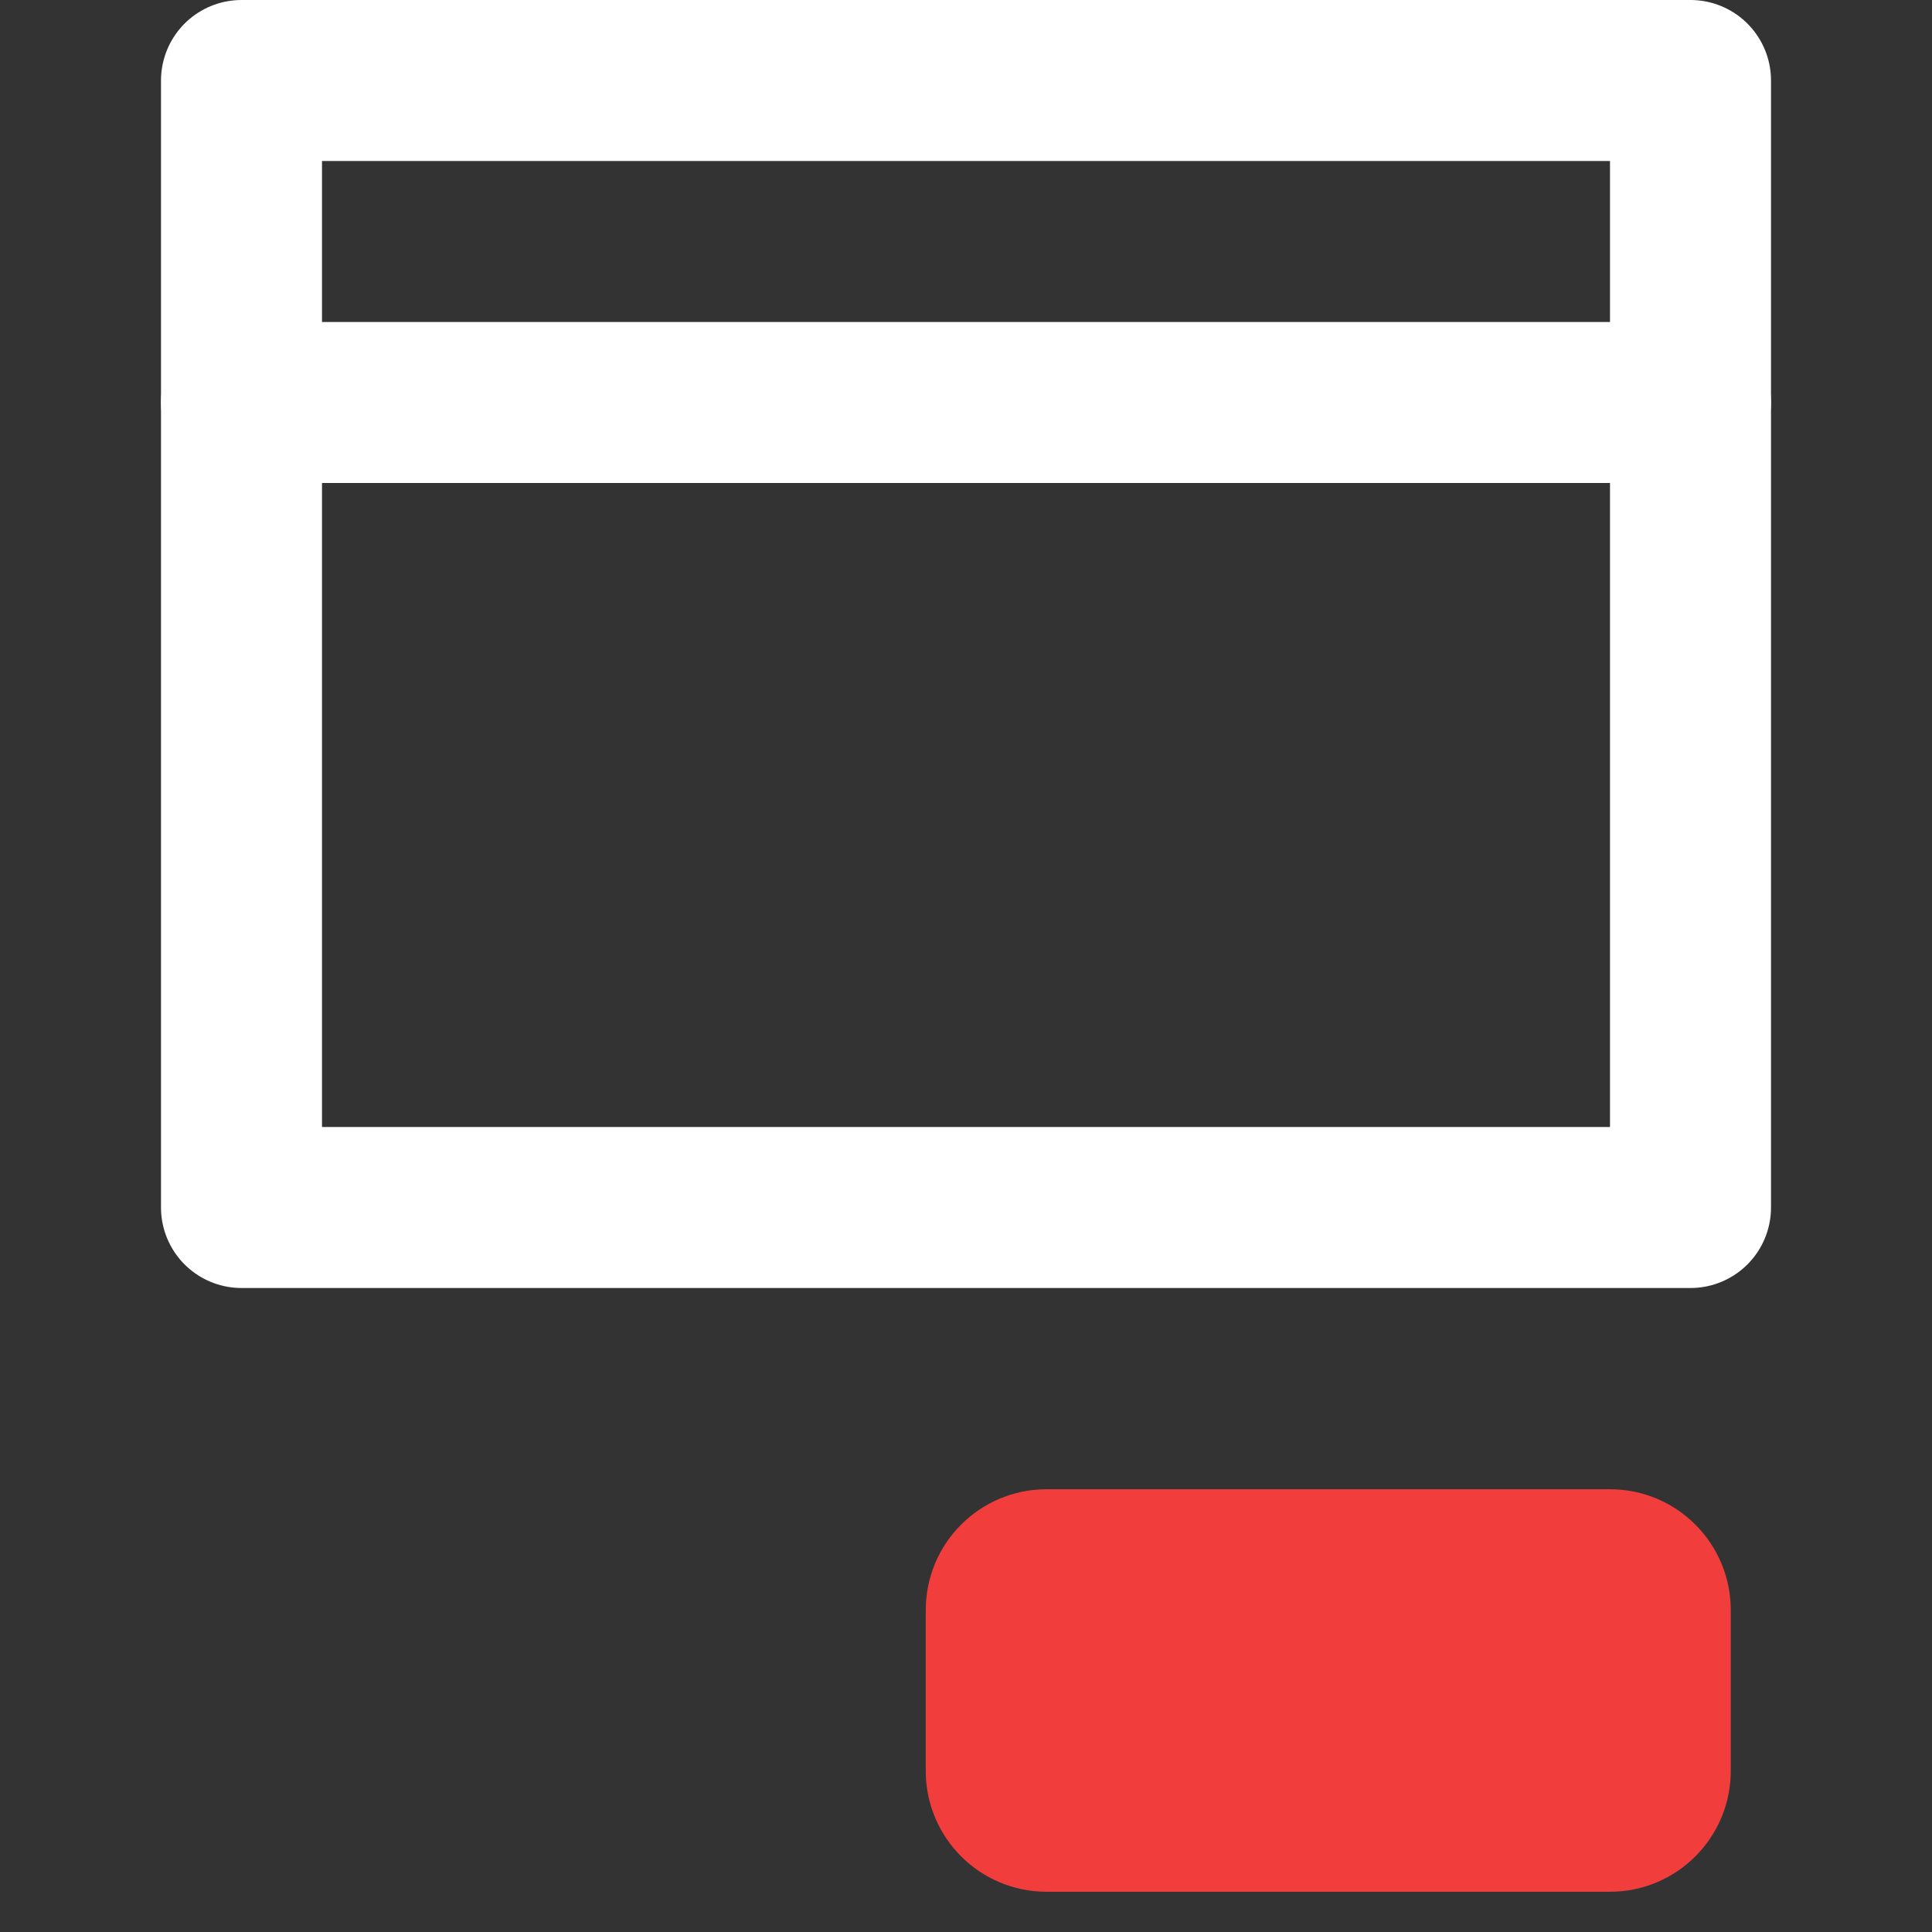 <svg width="24" height="24" viewBox="0 0 24 24" fill="none" xmlns="http://www.w3.org/2000/svg">
<rect x="0" y="0" width="24" height="24" fill="#333333" stroke="none"/>
<path d="M20 19H13C12.448 19 12 19.448 12 20V22C12 22.552 12.448 23 13 23H20C20.552 23 21 22.552 21 22V20C21 19.448 20.552 19 20 19Z" fill="#F13E3D" stroke="#F13E3D" stroke-miterlimit="10"/>
<path d="M21 1H3V15H21V1Z" stroke="white" stroke-width="2" stroke-miterlimit="10" stroke-linecap="round" stroke-linejoin="round"/>
<path d="M3 5H21" stroke="white" stroke-width="2" stroke-miterlimit="10" stroke-linecap="round" stroke-linejoin="round"/>
</svg>
* * *
Task requirements
Apply a filter to the listing above so that only lines with "round" are kept, and copy those lines.

Answer for the task
<path d="M21 1H3V15H21V1Z" stroke="white" stroke-width="2" stroke-miterlimit="10" stroke-linecap="round" stroke-linejoin="round"/>
<path d="M3 5H21" stroke="white" stroke-width="2" stroke-miterlimit="10" stroke-linecap="round" stroke-linejoin="round"/>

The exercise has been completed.